Read it critically: generalization, leakage, metric gaming and safety
The first red flag is generalization. ERA performs strongly across public benchmarks, but these are still scorable tasks. The next question is whether it improves output in new data, new labs, new diseases and real scientific workflows, not just known leaderboards.
The second red flag is data leakage and benchmark overfitting. The paper uses holdout designs, rolling validation and expert code inspection, but any automated search system must guard against accidental leakage from public benchmarks, historical submissions, paper summaries or evaluation code.
The third red flag is metric gaming. ERA’s strength comes from automatic scoring, so it can also turn the metric into the target. Scientific users need to ask whether the score really represents biological signal, public-health value or reproducible scientific insight.
The fourth red flag is safety. The authors explicitly note that expert-level empirical software lowers the barrier to sophisticated computational workflows. In disease forecasting, clinical modelling, synthetic biology or other sensitive domains, human review, access controls and risk boundaries matter.
What this implies for AI application boundaries
For investment or collaboration judgment, ERA suggests looking for workflows where validation is cheap. A serious project should define the data, evaluation function, sandbox, feedback loop and human review path. In biomedicine, single-cell analysis, imaging analysis, epidemic forecasting and drug-screen modelling are better early landing zones than open-ended clinical reasoning.
For research tracking, I would follow three questions: whether code-search systems can connect to real experimental loops, how metric design can prevent benchmark overfitting, and whether AI-generated scientific software can be reproduced, maintained and interpreted by outside teams.
Two open questions matter. Which biomedical tasks can be turned into reliable scorable tasks? And if AI-generated software fails in a real research or public-health setting, should accountability sit with the task designer, the model provider or the user?

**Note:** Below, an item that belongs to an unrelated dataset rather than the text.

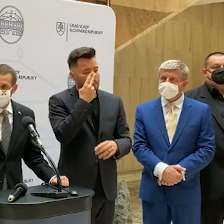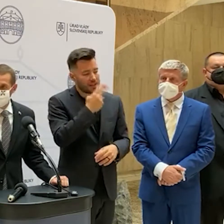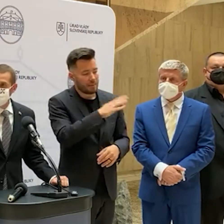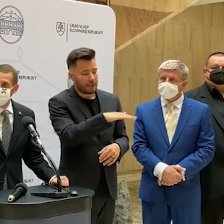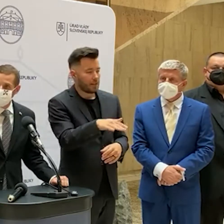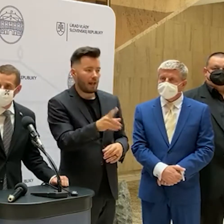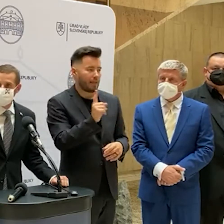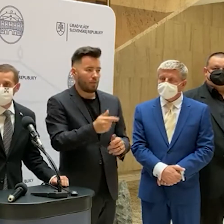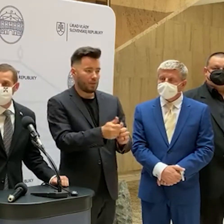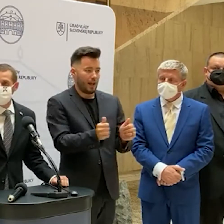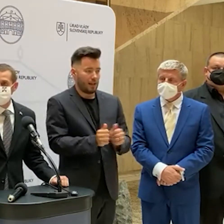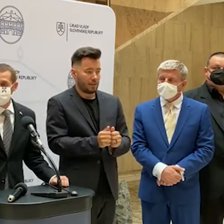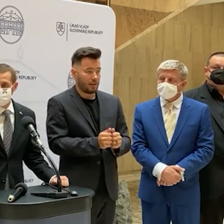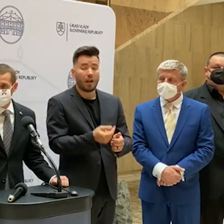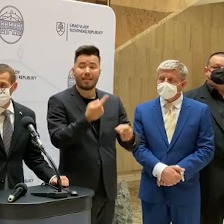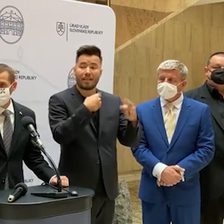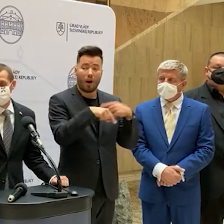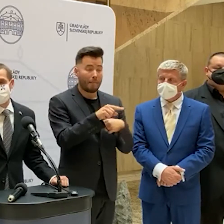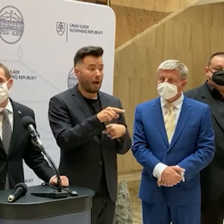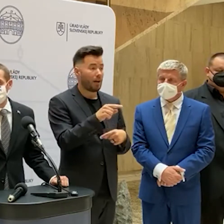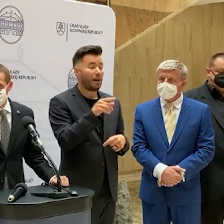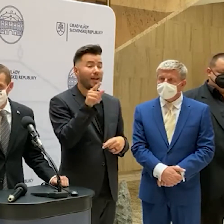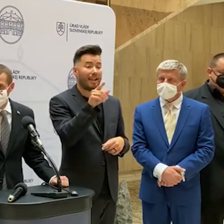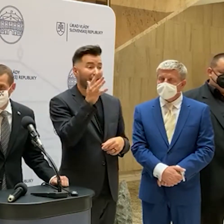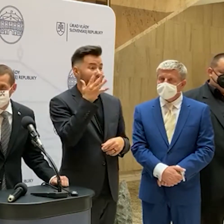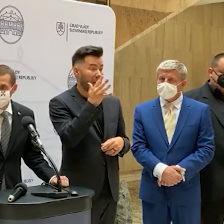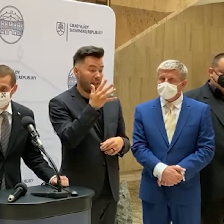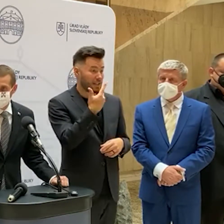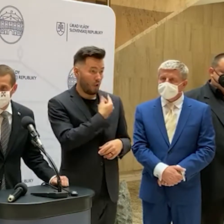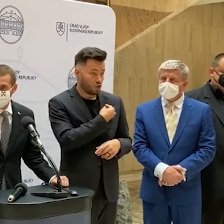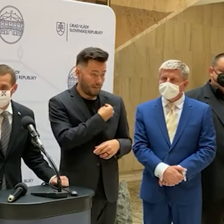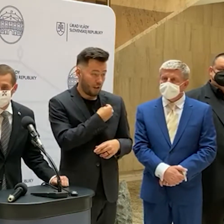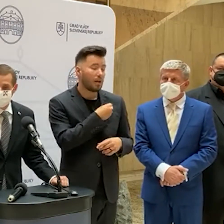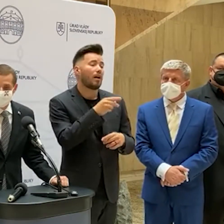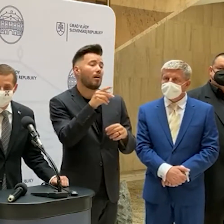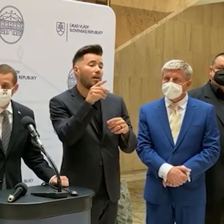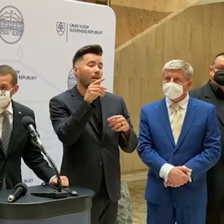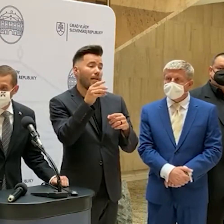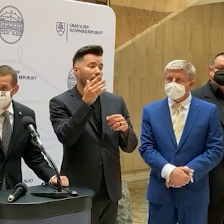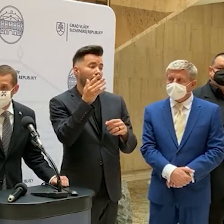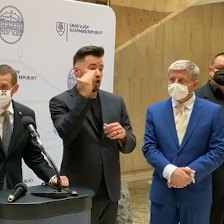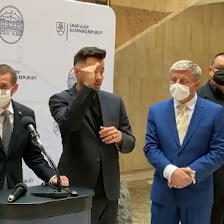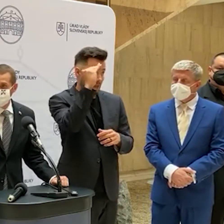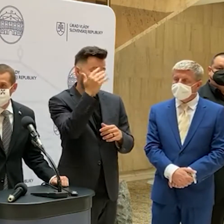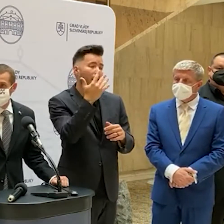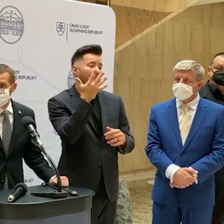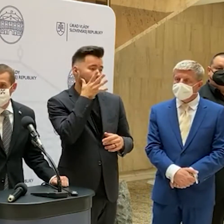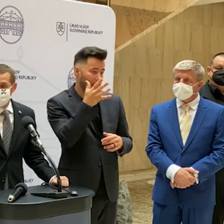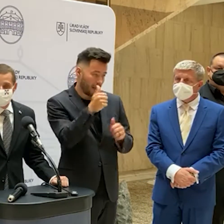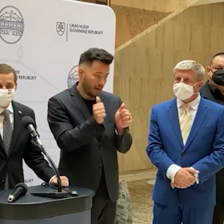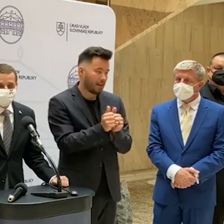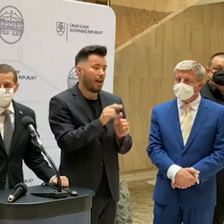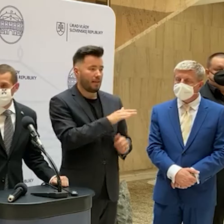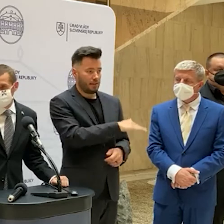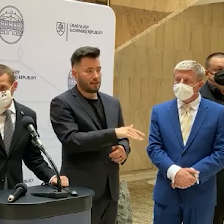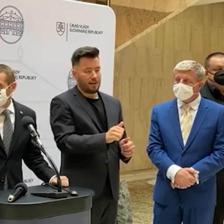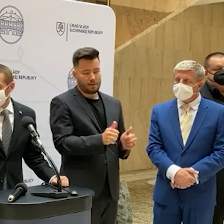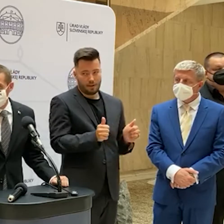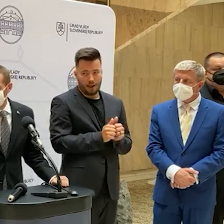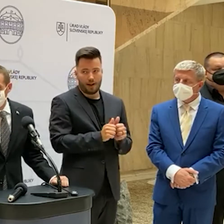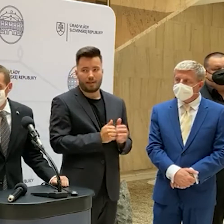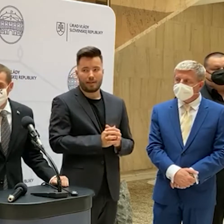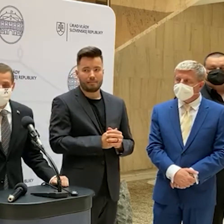karanténa nevstavuje. Opačne, pokiaľ nie je zaočkovaná, tak tých 5 dní bude platiť aj pre takéto dieťa. To isté sa týka aj pendlerov. Tam je to,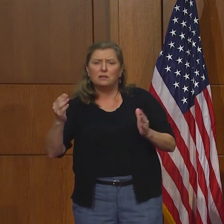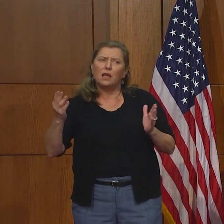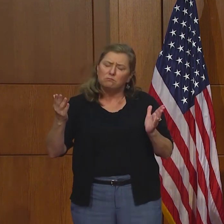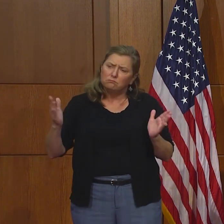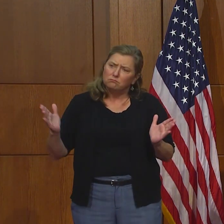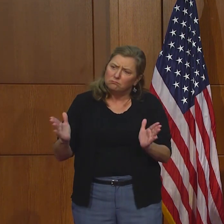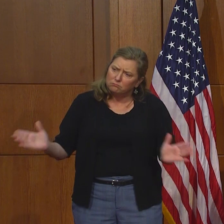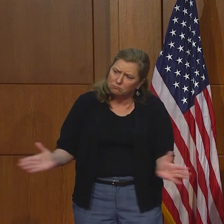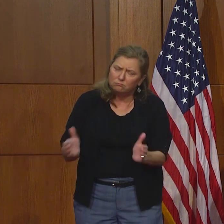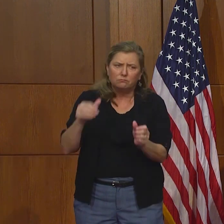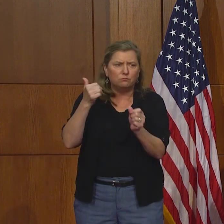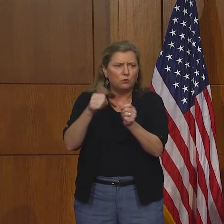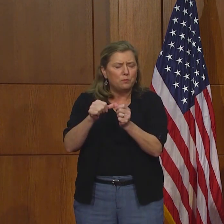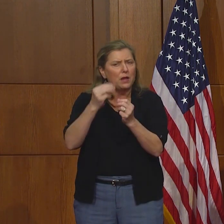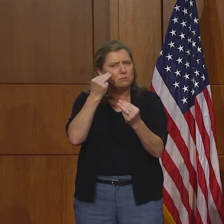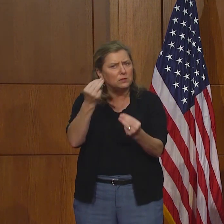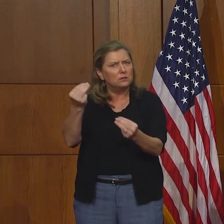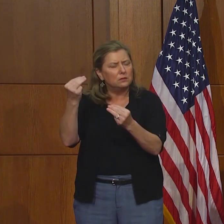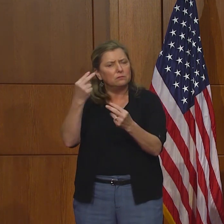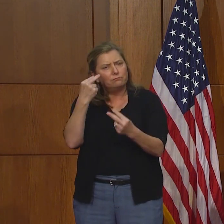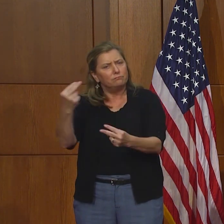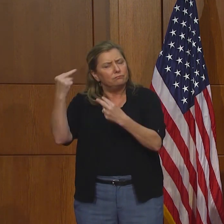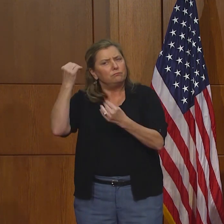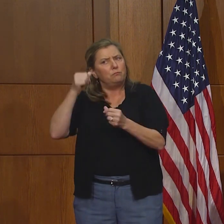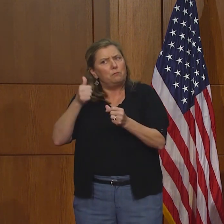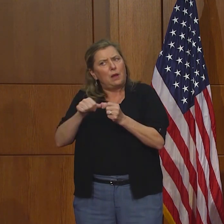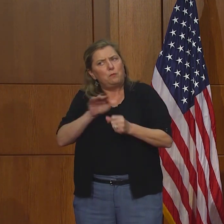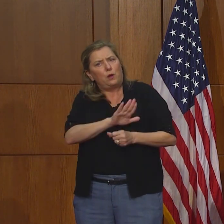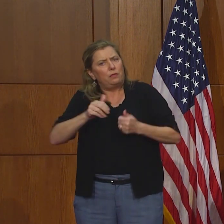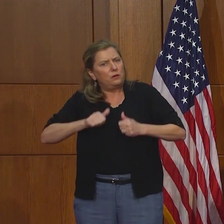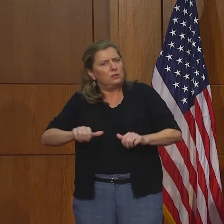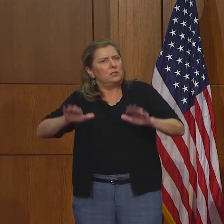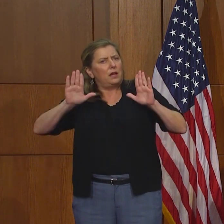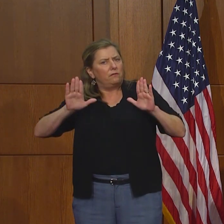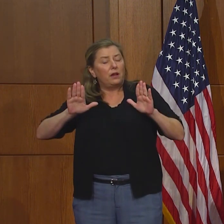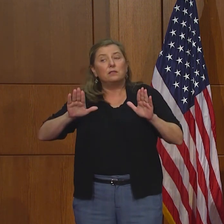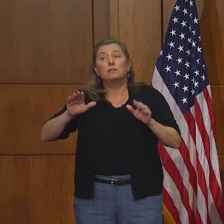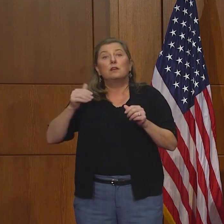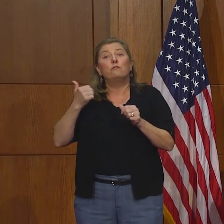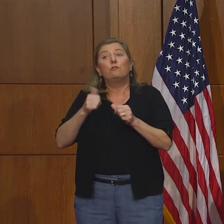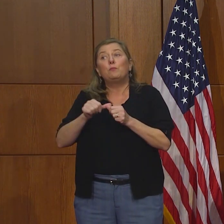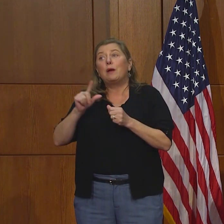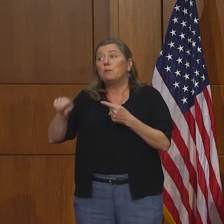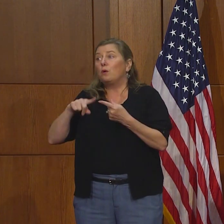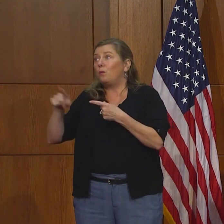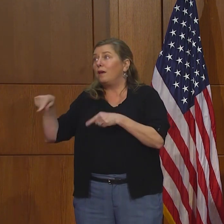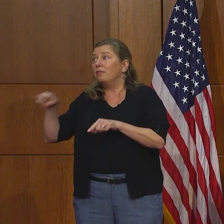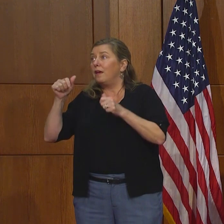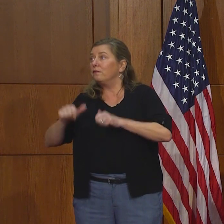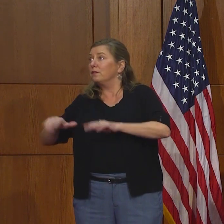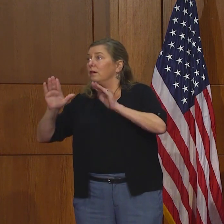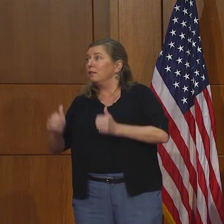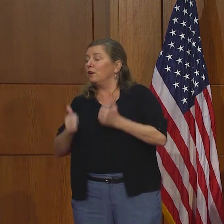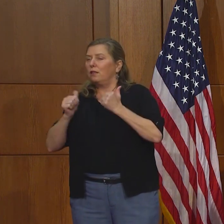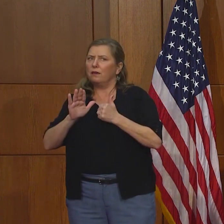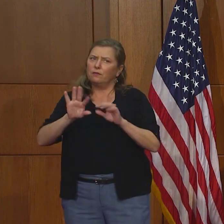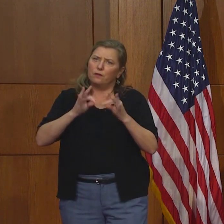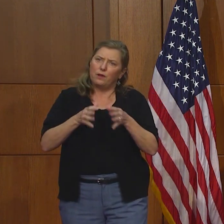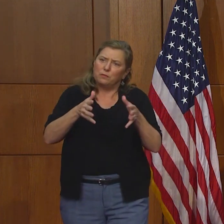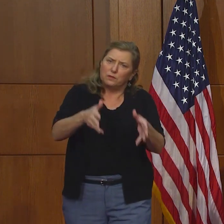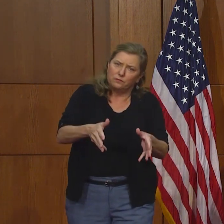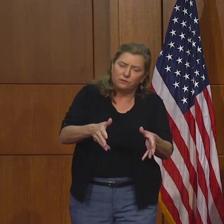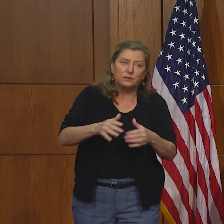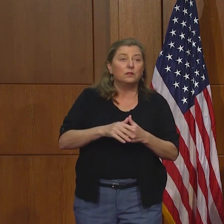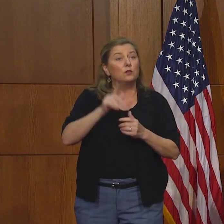recuerden y reflexionen esos sacrificios y todas las personas que han sufrido. Y

Yang’s signal rating: High
Axis one, signal strength: High. Reason: ERA connects LLMs, tree search, automatic scoring and research-idea recombination into a general AI-for-science workflow, with strong results across public quantitative tasks, especially single-cell integration and epidemiological forecasting.
Axis two, technical / deployment maturity: Medium-High. Reason: for scorable computational tasks, this is close to a usable workflow, with a public reference implementation and generated candidate solutions. Broader deployment still depends on metric quality, leakage control, out-of-benchmark generalization, safety review and human scientific judgment.
One-sentence summary: ERA shows that AI will first transform the parts of science where software trial-and-error can be scored cheaply.